### Aim of the task
Look for "about" in every line of the listing. Copy the lines that have it.

### Records supplied
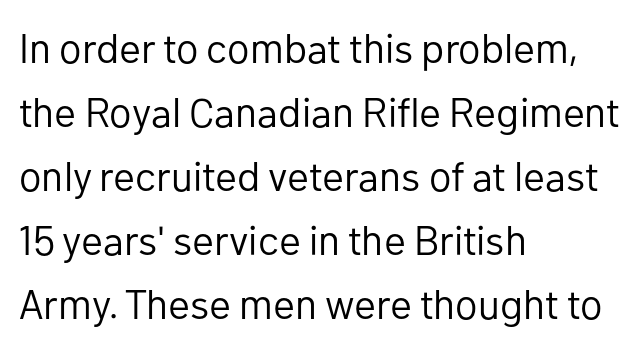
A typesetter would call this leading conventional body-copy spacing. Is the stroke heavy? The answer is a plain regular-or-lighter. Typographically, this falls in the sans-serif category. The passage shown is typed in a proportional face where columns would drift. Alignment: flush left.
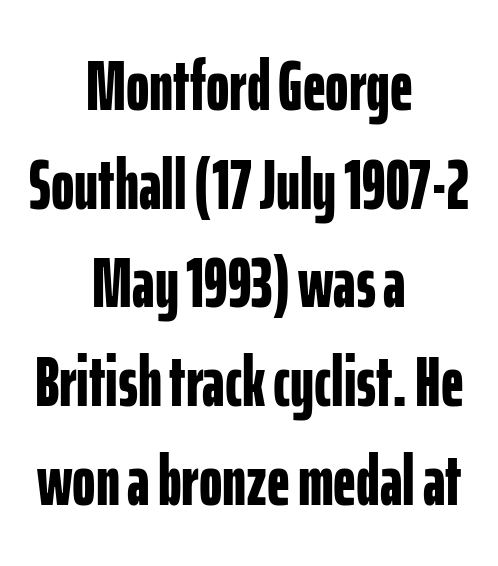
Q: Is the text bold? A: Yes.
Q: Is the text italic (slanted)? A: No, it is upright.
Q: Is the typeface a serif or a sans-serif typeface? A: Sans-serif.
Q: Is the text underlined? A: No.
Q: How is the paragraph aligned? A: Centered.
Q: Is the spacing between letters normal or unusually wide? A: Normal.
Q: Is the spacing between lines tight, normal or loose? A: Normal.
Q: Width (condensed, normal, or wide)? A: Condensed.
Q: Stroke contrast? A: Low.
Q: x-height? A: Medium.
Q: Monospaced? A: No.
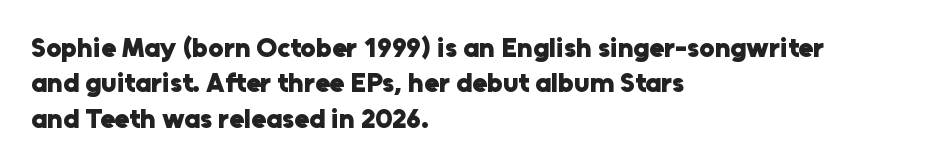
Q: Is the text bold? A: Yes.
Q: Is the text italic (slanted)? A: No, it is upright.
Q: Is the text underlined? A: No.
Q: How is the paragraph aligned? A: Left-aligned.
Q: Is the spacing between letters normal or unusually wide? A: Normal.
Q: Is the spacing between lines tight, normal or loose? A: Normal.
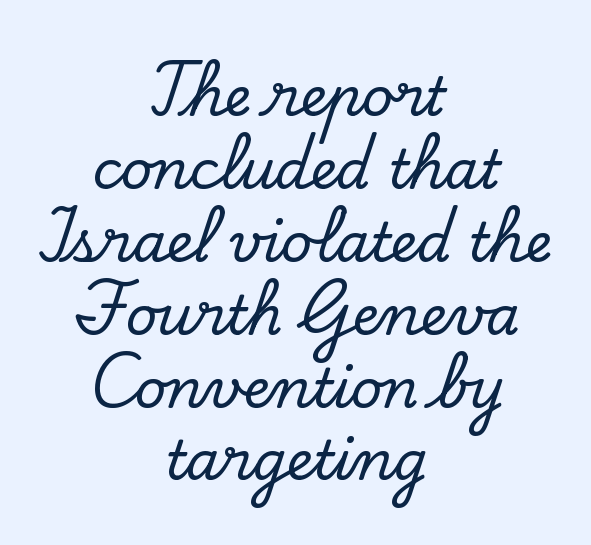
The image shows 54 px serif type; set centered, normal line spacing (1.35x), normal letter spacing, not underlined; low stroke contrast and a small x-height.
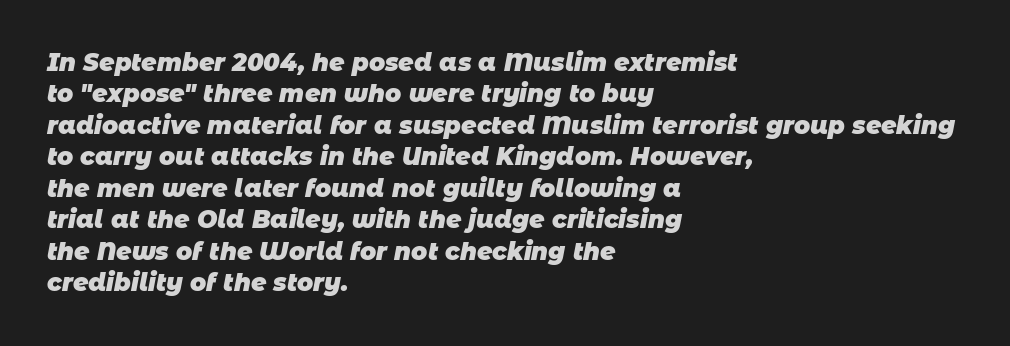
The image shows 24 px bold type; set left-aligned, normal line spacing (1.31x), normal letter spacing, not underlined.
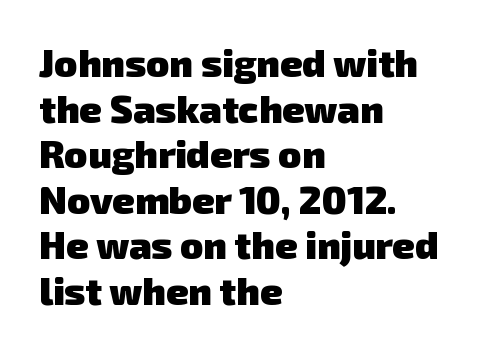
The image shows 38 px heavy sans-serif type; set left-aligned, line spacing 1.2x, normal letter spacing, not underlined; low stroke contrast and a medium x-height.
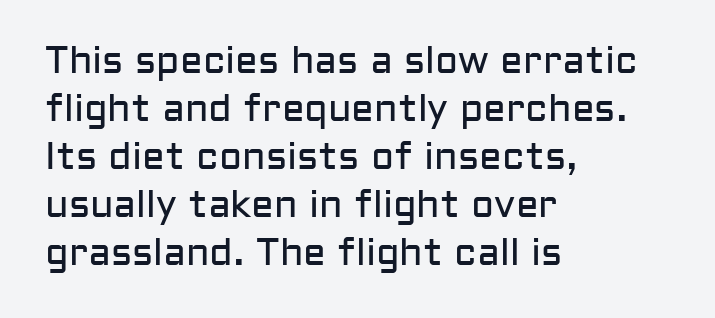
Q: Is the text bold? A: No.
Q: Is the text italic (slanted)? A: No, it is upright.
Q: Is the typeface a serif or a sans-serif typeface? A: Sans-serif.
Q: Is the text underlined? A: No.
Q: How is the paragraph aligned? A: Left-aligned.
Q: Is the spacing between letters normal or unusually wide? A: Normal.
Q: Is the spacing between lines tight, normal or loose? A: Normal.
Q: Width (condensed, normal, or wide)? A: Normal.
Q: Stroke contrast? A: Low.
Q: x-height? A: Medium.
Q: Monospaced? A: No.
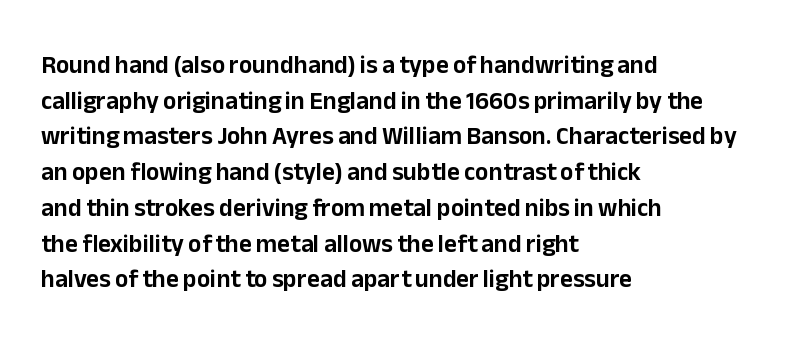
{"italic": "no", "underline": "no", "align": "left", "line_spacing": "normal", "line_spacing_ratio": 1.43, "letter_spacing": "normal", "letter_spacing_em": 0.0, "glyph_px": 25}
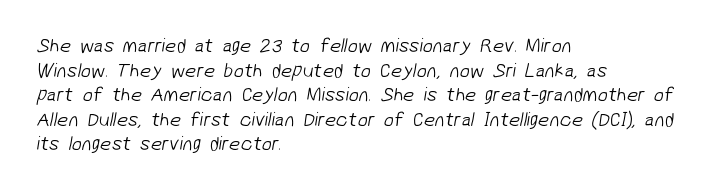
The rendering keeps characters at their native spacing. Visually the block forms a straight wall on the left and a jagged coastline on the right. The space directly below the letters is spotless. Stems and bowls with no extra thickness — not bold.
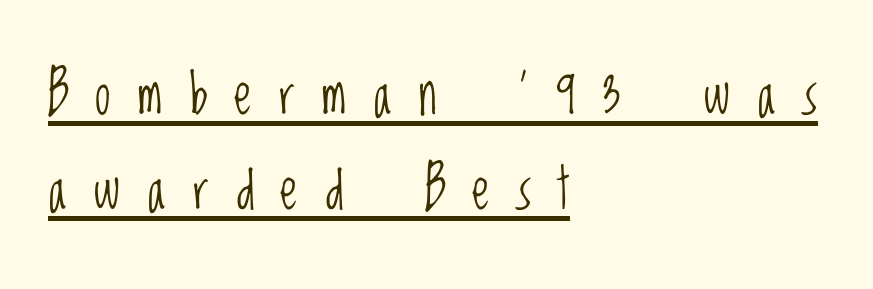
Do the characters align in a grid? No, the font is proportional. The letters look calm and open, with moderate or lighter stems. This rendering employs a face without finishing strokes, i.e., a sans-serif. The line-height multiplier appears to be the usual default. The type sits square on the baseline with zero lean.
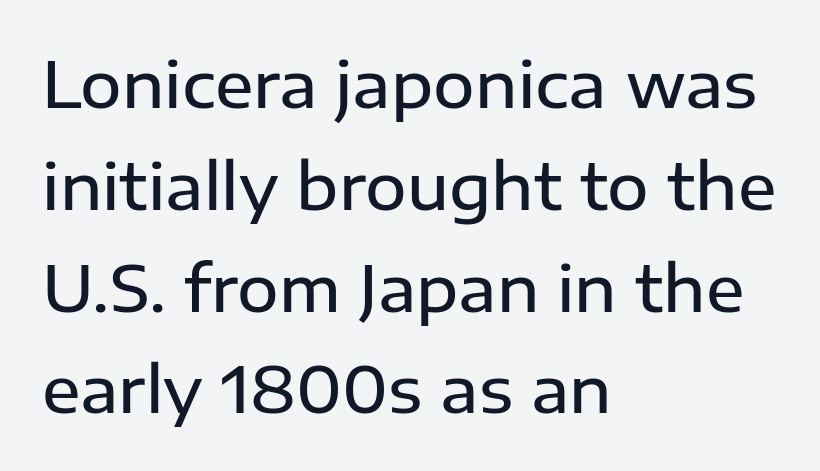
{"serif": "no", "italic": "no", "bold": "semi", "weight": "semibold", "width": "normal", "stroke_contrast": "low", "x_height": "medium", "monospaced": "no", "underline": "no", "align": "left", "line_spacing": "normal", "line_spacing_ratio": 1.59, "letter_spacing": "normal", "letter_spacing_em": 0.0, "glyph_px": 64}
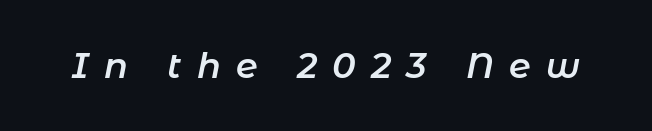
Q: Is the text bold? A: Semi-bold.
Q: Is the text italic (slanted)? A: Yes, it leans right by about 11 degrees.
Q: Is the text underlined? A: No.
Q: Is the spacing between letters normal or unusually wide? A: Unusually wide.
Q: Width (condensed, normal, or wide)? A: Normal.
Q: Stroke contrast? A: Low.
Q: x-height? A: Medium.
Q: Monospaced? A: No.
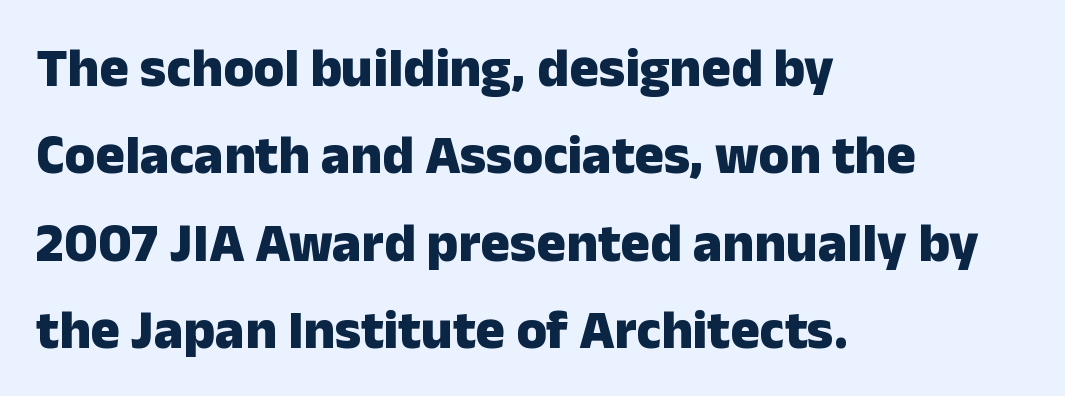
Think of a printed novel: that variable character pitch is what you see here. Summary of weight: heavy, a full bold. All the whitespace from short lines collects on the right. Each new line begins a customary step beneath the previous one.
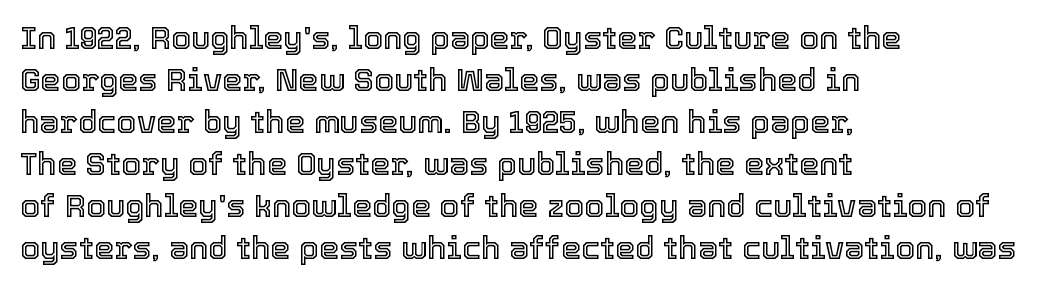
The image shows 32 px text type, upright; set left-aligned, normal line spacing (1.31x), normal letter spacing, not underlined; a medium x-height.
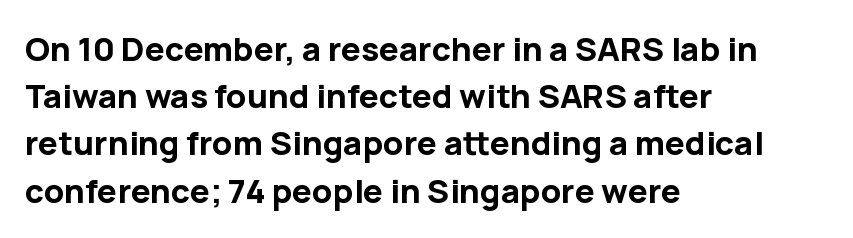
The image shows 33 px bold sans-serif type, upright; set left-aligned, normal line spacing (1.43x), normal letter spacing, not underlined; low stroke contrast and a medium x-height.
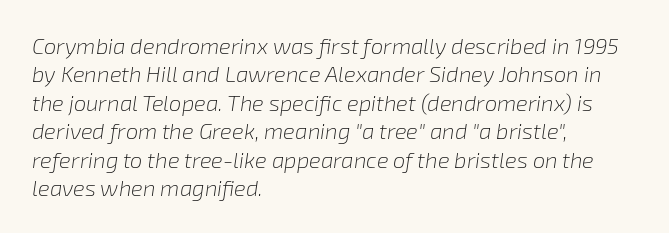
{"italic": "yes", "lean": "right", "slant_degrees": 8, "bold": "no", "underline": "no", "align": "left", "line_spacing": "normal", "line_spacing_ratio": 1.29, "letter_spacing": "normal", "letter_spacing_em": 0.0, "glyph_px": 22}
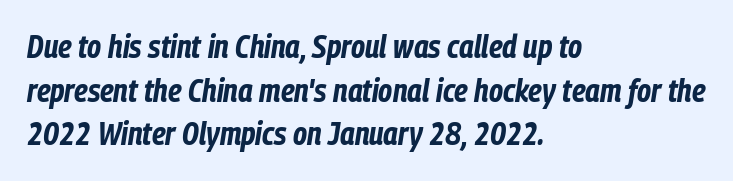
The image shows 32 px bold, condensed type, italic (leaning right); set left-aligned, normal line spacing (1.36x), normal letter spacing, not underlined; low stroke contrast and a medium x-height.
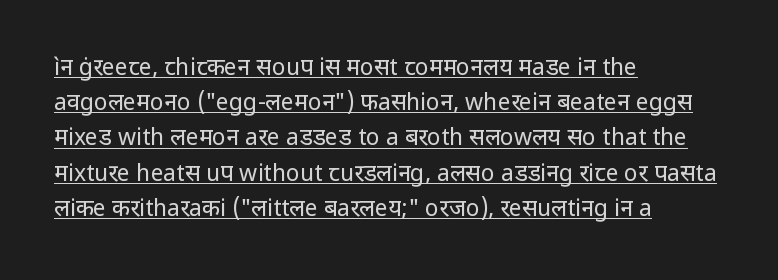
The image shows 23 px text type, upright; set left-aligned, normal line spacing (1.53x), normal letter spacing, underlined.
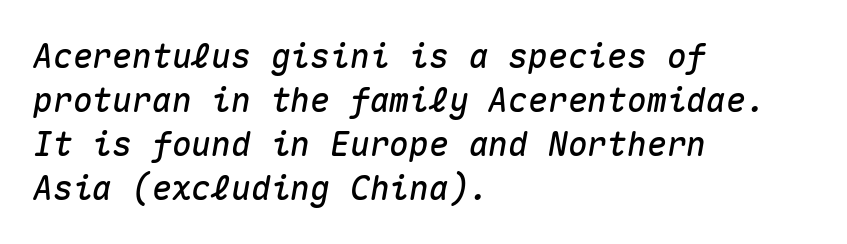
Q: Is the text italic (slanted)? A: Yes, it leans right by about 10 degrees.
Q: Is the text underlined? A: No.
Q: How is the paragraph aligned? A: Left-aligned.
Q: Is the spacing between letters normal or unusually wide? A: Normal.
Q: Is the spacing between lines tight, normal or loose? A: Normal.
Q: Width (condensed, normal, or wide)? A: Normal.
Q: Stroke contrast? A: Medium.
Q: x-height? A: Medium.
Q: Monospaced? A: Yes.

### Written solution
Q: Is the text italic (slanted)? A: Yes, it leans right by about 11 degrees.
Q: Is the text italic (slanted)? A: Yes, it leans right by about 10 degrees.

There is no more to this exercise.